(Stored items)
* * *
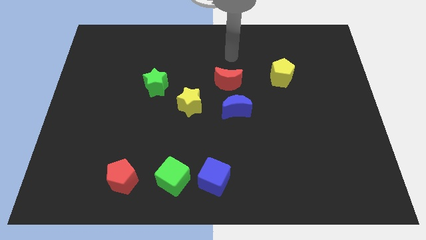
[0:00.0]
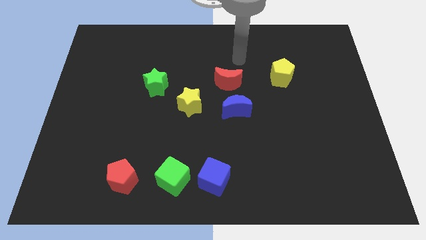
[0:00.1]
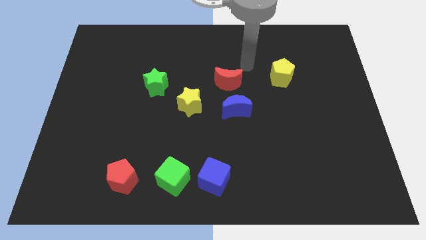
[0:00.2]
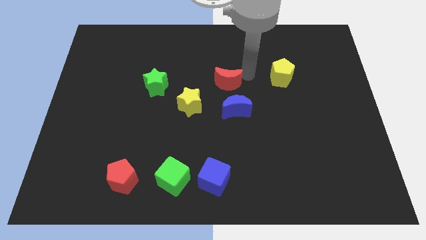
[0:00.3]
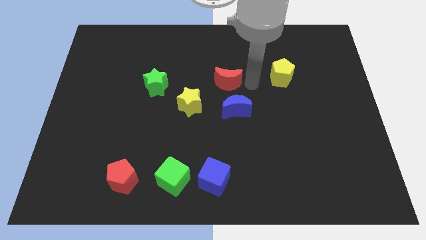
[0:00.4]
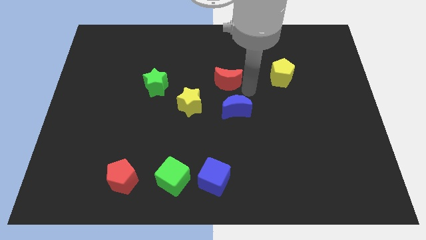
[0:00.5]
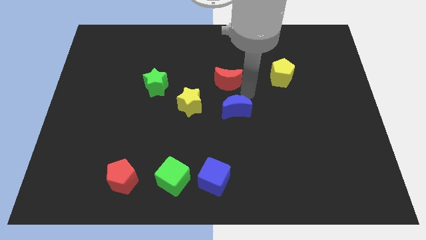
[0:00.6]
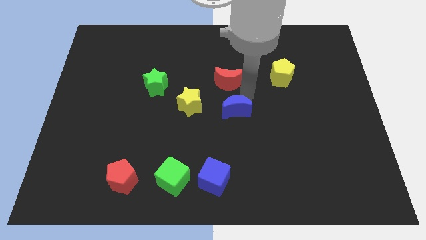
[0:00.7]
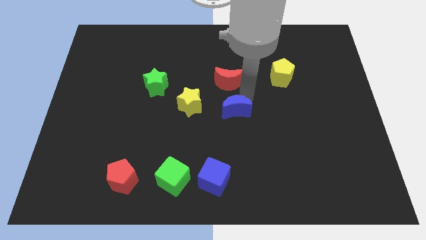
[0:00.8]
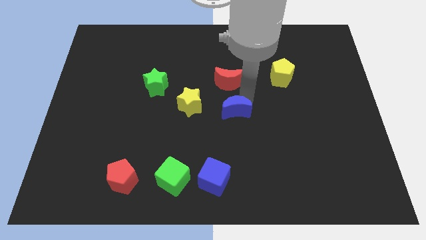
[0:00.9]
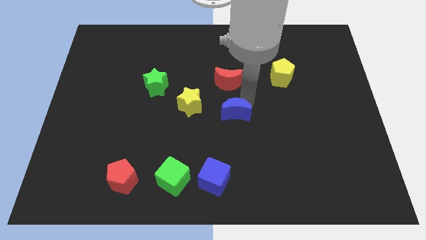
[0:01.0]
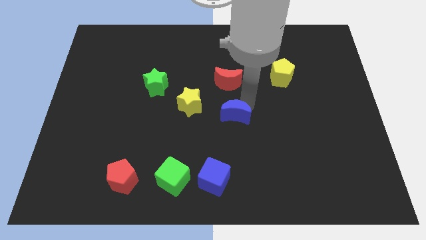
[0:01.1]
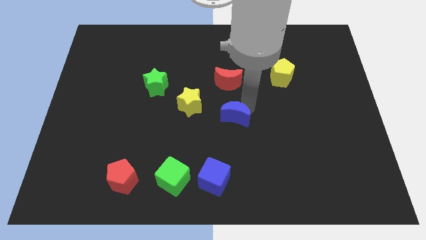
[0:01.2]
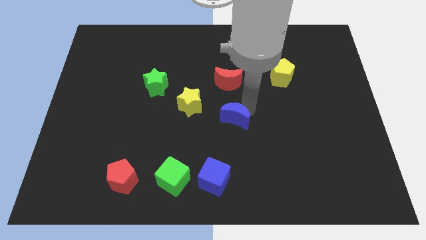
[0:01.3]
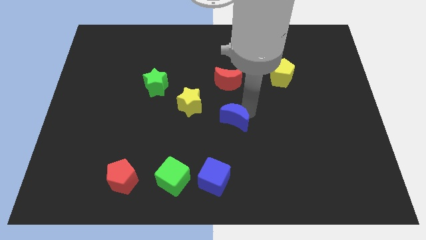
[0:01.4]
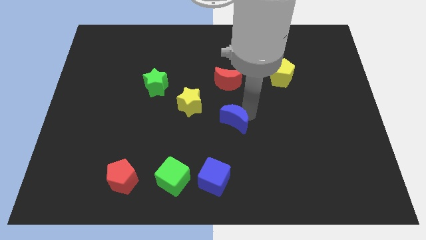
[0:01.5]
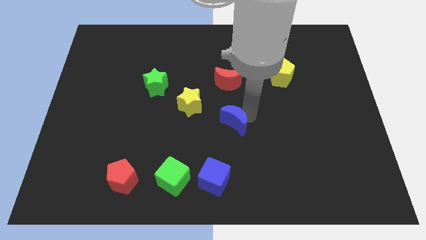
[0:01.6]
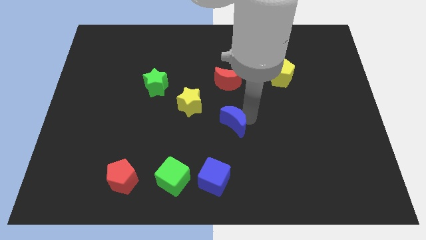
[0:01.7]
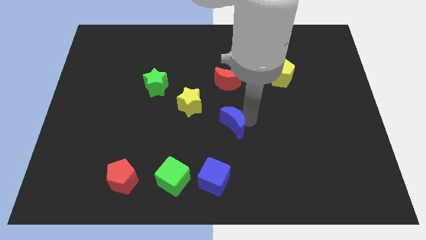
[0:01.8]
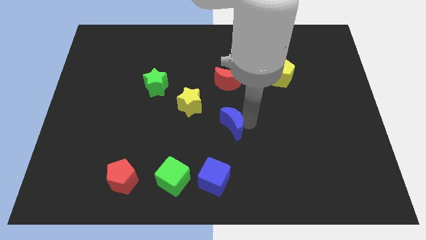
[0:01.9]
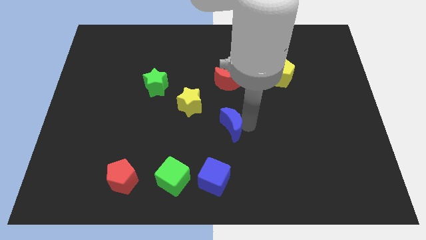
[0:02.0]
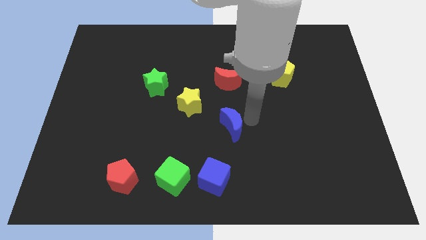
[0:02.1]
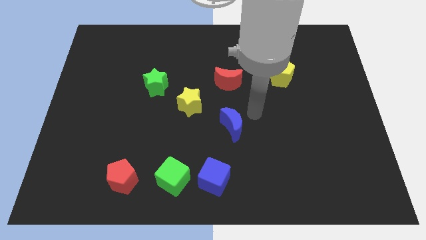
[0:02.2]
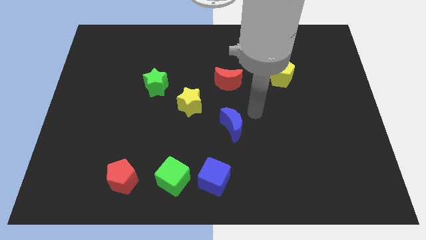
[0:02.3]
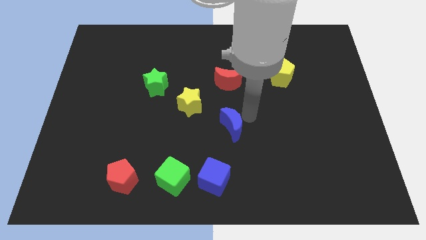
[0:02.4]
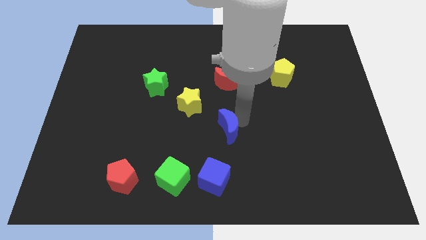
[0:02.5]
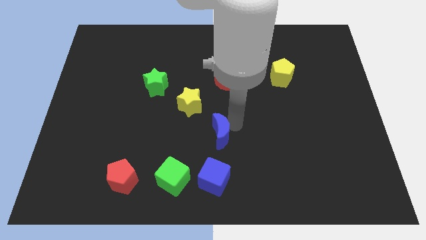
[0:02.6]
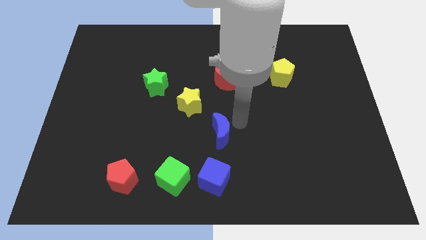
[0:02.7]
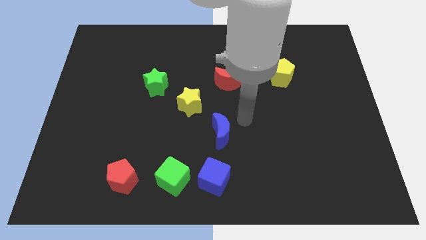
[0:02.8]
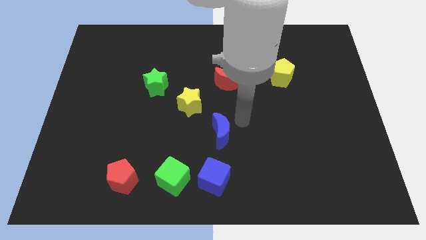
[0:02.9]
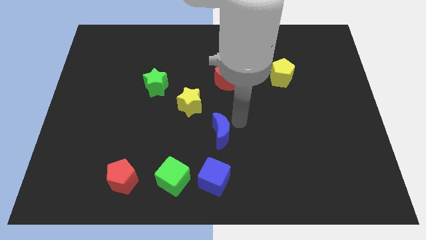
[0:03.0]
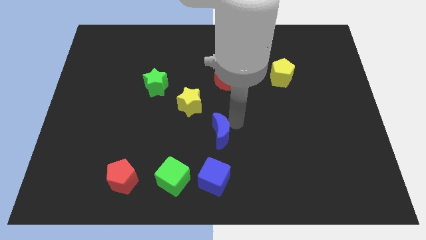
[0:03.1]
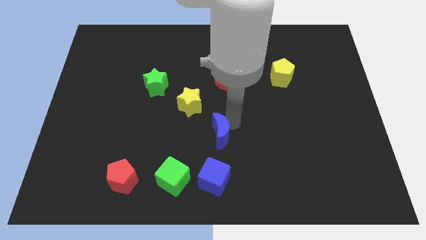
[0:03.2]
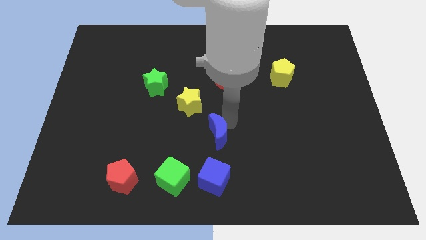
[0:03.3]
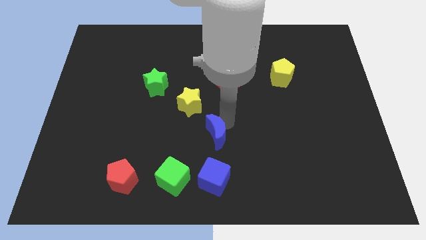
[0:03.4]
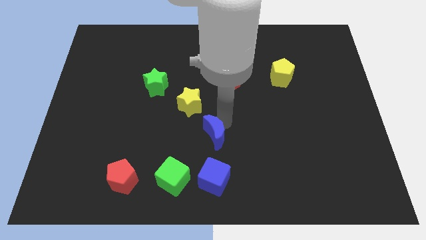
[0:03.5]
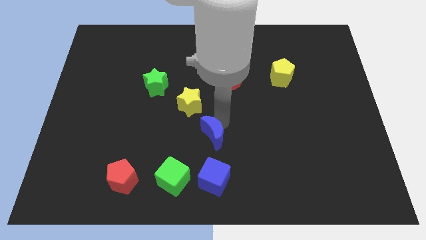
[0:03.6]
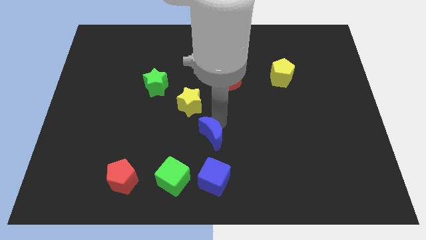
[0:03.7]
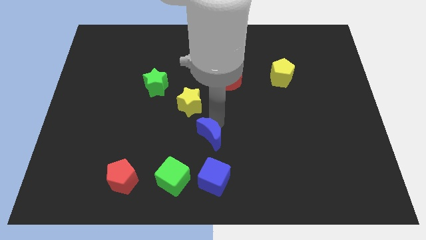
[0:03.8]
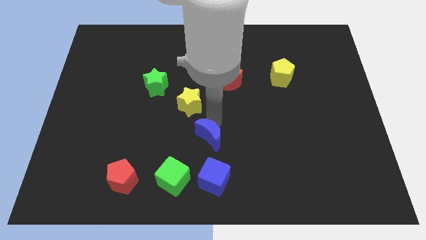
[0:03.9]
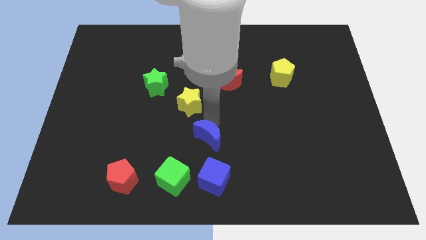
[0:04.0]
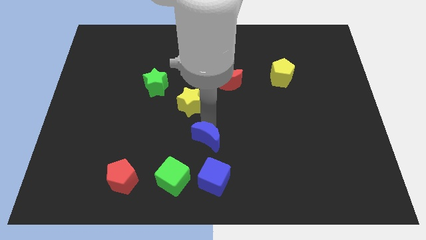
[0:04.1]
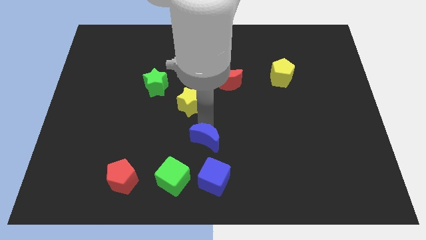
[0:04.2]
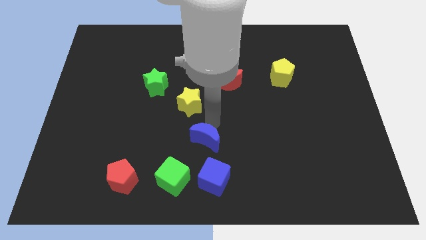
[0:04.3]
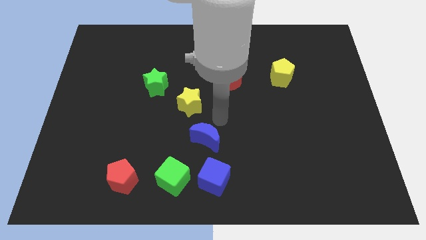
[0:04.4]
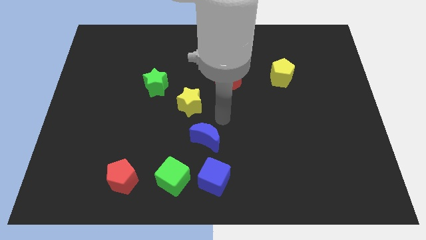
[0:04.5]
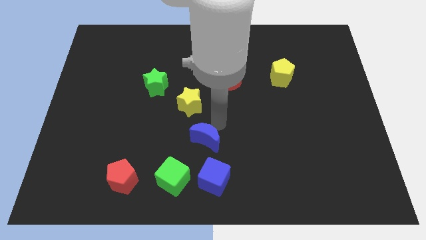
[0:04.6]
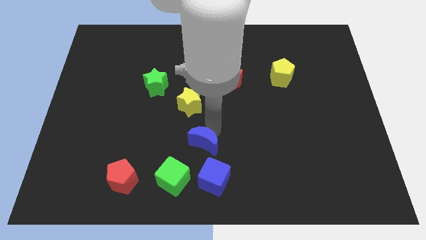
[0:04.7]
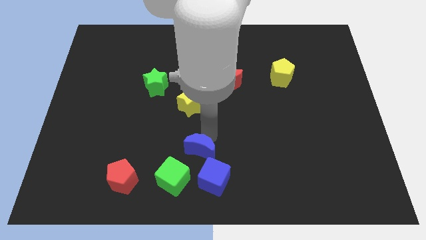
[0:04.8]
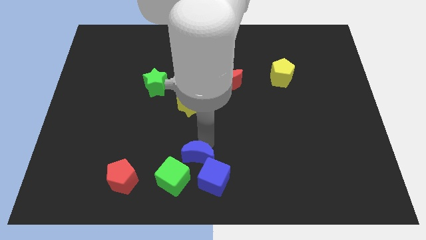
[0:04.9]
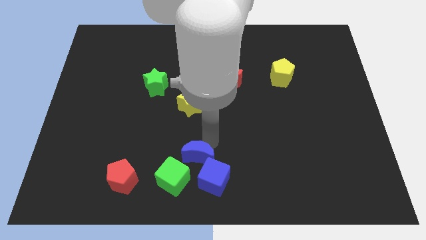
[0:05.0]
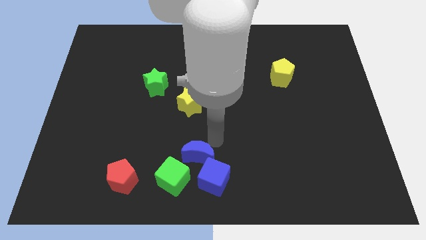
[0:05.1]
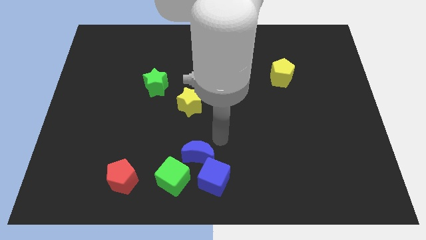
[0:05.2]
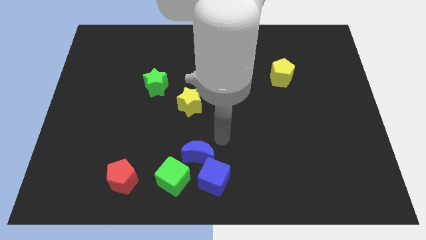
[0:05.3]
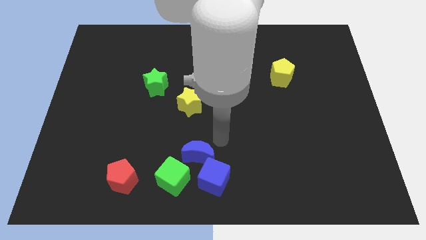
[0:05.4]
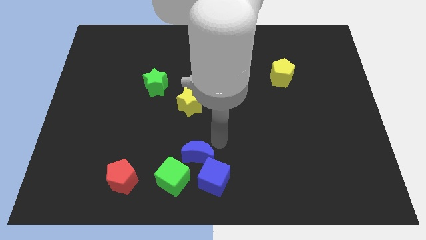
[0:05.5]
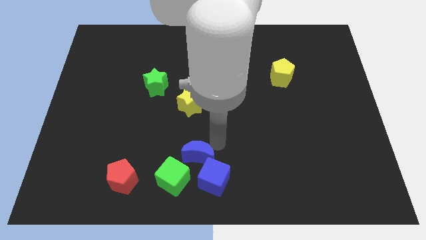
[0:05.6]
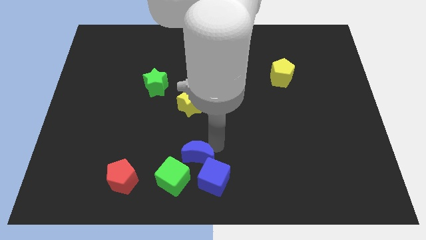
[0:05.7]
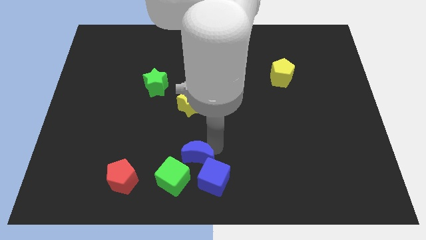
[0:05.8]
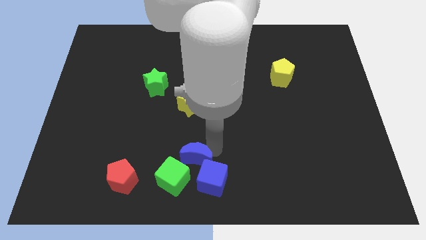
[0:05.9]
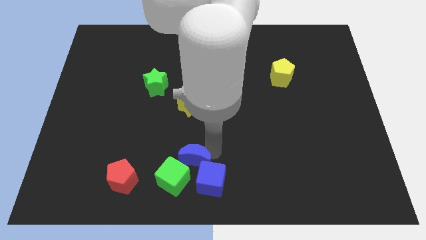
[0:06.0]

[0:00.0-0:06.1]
* * *
ACTION ITEM: All entries above are to be restated exactly, with every image omitted.

WORKED SOLUTION:
[0:00.0]
[0:00.1]
[0:00.2]
[0:00.3]
[0:00.4]
[0:00.5]
[0:00.6]
[0:00.7]
[0:00.8]
[0:00.9]
[0:01.0]
[0:01.1]
[0:01.2]
[0:01.3]
[0:01.4]
[0:01.5]
[0:01.6]
[0:01.7]
[0:01.8]
[0:01.9]
[0:02.0]
[0:02.1]
[0:02.2]
[0:02.3]
[0:02.4]
[0:02.5]
[0:02.6]
[0:02.7]
[0:02.8]
[0:02.9]
[0:03.0]
[0:03.1]
[0:03.2]
[0:03.3]
[0:03.4]
[0:03.5]
[0:03.6]
[0:03.7]
[0:03.8]
[0:03.9]
[0:04.0]
[0:04.1]
[0:04.2]
[0:04.3]
[0:04.4]
[0:04.5]
[0:04.6]
[0:04.7]
[0:04.8]
[0:04.9]
[0:05.0]
[0:05.1]
[0:05.2]
[0:05.3]
[0:05.4]
[0:05.5]
[0:05.6]
[0:05.7]
[0:05.8]
[0:05.9]
[0:06.0]

[0:00.0-0:06.1]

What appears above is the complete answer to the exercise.